▸ TASK DETAILS
Provide an exact transcription of all the records.

▸ DATA TO PROCESS
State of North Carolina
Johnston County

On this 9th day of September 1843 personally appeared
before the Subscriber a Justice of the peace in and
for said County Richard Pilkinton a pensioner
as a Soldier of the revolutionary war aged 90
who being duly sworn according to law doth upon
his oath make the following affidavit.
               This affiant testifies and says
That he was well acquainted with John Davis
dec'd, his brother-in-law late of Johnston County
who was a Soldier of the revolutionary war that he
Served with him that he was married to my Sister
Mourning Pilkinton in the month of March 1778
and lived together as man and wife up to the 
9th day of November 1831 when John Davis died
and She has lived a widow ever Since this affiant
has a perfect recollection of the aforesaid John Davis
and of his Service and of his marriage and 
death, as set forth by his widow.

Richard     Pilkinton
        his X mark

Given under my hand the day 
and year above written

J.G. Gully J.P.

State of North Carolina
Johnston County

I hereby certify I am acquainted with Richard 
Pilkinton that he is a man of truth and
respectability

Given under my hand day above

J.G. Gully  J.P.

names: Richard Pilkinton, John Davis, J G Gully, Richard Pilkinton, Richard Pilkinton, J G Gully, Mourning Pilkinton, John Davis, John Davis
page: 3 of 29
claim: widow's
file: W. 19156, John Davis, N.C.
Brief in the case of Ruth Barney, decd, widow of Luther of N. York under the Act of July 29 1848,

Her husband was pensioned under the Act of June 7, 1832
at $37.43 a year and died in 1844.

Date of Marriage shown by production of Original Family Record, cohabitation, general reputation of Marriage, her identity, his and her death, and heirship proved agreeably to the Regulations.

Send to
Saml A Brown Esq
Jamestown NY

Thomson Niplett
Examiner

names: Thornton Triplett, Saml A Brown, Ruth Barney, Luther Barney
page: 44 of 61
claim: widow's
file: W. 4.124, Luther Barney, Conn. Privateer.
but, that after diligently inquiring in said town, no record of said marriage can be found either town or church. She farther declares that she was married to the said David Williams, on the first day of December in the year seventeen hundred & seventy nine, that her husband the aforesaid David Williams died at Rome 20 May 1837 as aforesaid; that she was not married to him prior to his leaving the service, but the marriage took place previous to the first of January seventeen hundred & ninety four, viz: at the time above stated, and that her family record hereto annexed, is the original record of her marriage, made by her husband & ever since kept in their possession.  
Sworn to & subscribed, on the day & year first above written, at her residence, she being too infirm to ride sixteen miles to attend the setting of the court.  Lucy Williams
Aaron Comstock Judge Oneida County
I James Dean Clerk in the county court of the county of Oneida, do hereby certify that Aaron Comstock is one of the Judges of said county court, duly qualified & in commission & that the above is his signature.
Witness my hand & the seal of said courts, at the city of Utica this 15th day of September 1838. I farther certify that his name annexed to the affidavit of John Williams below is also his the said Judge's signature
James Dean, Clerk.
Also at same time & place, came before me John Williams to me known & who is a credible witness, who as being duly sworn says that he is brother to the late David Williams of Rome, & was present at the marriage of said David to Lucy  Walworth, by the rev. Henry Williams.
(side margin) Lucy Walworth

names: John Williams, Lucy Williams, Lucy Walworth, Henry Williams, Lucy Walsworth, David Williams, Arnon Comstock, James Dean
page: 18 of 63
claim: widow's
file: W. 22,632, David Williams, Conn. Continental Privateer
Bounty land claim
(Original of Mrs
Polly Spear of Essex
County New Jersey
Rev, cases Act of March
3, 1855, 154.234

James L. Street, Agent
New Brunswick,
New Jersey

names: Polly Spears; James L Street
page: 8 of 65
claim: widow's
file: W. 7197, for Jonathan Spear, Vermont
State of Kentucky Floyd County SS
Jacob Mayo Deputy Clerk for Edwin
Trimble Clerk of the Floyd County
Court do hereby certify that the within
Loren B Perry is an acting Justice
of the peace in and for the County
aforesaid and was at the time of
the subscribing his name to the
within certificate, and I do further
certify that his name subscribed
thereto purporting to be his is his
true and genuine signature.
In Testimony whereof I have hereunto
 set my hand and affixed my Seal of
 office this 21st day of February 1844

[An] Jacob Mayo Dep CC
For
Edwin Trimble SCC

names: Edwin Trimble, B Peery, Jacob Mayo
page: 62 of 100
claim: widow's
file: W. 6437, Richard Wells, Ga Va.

▸ YOUR SOLUTION
State of North Carolina
Johnston County

On this 9th day of September 1843 personally appeared
before the Subscriber a Justice of the peace in and
for said County Richard Pilkinton a pensioner
as a Soldier of the revolutionary war aged 90
who being duly sworn according to law doth upon
his oath make the following affidavit.
               This affiant testifies and says
That he was well acquainted with John Davis
dec'd, his brother-in-law late of Johnston County
who was a Soldier of the revolutionary war that he
Served with him that he was married to my Sister
Mourning Pilkinton in the month of March 1778
and lived together as man and wife up to the 
9th day of November 1831 when John Davis died
and She has lived a widow ever Since this affiant
has a perfect recollection of the aforesaid John Davis
and of his Service and of his marriage and 
death, as set forth by his widow.

Richard     Pilkinton
        his X mark

Given under my hand the day 
and year above written

J.G. Gully J.P.

State of North Carolina
Johnston County

I hereby certify I am acquainted with Richard 
Pilkinton that he is a man of truth and
respectability

Given under my hand day above

J.G. Gully  J.P.

names: Richard Pilkinton, John Davis, J G Gully, Richard Pilkinton, Richard Pilkinton, J G Gully, Mourning Pilkinton, John Davis, John Davis
page: 3 of 29
claim: widow's
file: W. 19156, John Davis, N.C.
Brief in the case of Ruth Barney, decd, widow of Luther of N. York under the Act of July 29 1848,

Her husband was pensioned under the Act of June 7, 1832
at $37.43 a year and died in 1844.

Date of Marriage shown by production of Original Family Record, cohabitation, general reputation of Marriage, her identity, his and her death, and heirship proved agreeably to the Regulations.

Send to
Saml A Brown Esq
Jamestown NY

Thomson Niplett
Examiner

names: Thornton Triplett, Saml A Brown, Ruth Barney, Luther Barney
page: 44 of 61
claim: widow's
file: W. 4.124, Luther Barney, Conn. Privateer.
but, that after diligently inquiring in said town, no record of said marriage can be found either town or church. She farther declares that she was married to the said David Williams, on the first day of December in the year seventeen hundred & seventy nine, that her husband the aforesaid David Williams died at Rome 20 May 1837 as aforesaid; that she was not married to him prior to his leaving the service, but the marriage took place previous to the first of January seventeen hundred & ninety four, viz: at the time above stated, and that her family record hereto annexed, is the original record of her marriage, made by her husband & ever since kept in their possession.  
Sworn to & subscribed, on the day & year first above written, at her residence, she being too infirm to ride sixteen miles to attend the setting of the court.  Lucy Williams
Aaron Comstock Judge Oneida County
I James Dean Clerk in the county court of the county of Oneida, do hereby certify that Aaron Comstock is one of the Judges of said county court, duly qualified & in commission & that the above is his signature.
Witness my hand & the seal of said courts, at the city of Utica this 15th day of September 1838. I farther certify that his name annexed to the affidavit of John Williams below is also his the said Judge's signature
James Dean, Clerk.
Also at same time & place, came before me John Williams to me known & who is a credible witness, who as being duly sworn says that he is brother to the late David Williams of Rome, & was present at the marriage of said David to Lucy  Walworth, by the rev. Henry Williams.
(side margin) Lucy Walworth

names: John Williams, Lucy Williams, Lucy Walworth, Henry Williams, Lucy Walsworth, David Williams, Arnon Comstock, James Dean
page: 18 of 63
claim: widow's
file: W. 22,632, David Williams, Conn. Continental Privateer
Bounty land claim
(Original of Mrs
Polly Spear of Essex
County New Jersey
Rev, cases Act of March
3, 1855, 154.234

James L. Street, Agent
New Brunswick,
New Jersey

names: Polly Spears; James L Street
page: 8 of 65
claim: widow's
file: W. 7197, for Jonathan Spear, Vermont
State of Kentucky Floyd County SS
Jacob Mayo Deputy Clerk for Edwin
Trimble Clerk of the Floyd County
Court do hereby certify that the within
Loren B Perry is an acting Justice
of the peace in and for the County
aforesaid and was at the time of
the subscribing his name to the
within certificate, and I do further
certify that his name subscribed
thereto purporting to be his is his
true and genuine signature.
In Testimony whereof I have hereunto
 set my hand and affixed my Seal of
 office this 21st day of February 1844

[An] Jacob Mayo Dep CC
For
Edwin Trimble SCC

names: Edwin Trimble, B Peery, Jacob Mayo
page: 62 of 100
claim: widow's
file: W. 6437, Richard Wells, Ga Va.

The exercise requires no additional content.